• Data:
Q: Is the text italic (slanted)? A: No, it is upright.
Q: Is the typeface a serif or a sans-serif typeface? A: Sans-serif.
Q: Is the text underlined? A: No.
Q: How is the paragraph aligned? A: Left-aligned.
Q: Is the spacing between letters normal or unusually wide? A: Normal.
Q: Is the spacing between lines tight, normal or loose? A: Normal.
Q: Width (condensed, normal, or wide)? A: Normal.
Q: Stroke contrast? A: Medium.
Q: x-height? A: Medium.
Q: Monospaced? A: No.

* * *

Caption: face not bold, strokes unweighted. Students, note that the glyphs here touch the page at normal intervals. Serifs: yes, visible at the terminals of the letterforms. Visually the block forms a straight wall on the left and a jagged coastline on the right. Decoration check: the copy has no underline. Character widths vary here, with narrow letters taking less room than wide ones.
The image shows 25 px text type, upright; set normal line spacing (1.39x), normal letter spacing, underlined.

• What to work on: Where a line of the records above holds the word "Medium", copy that line.

• Expected answer:
Q: Stroke contrast? A: Medium.
Q: x-height? A: Medium.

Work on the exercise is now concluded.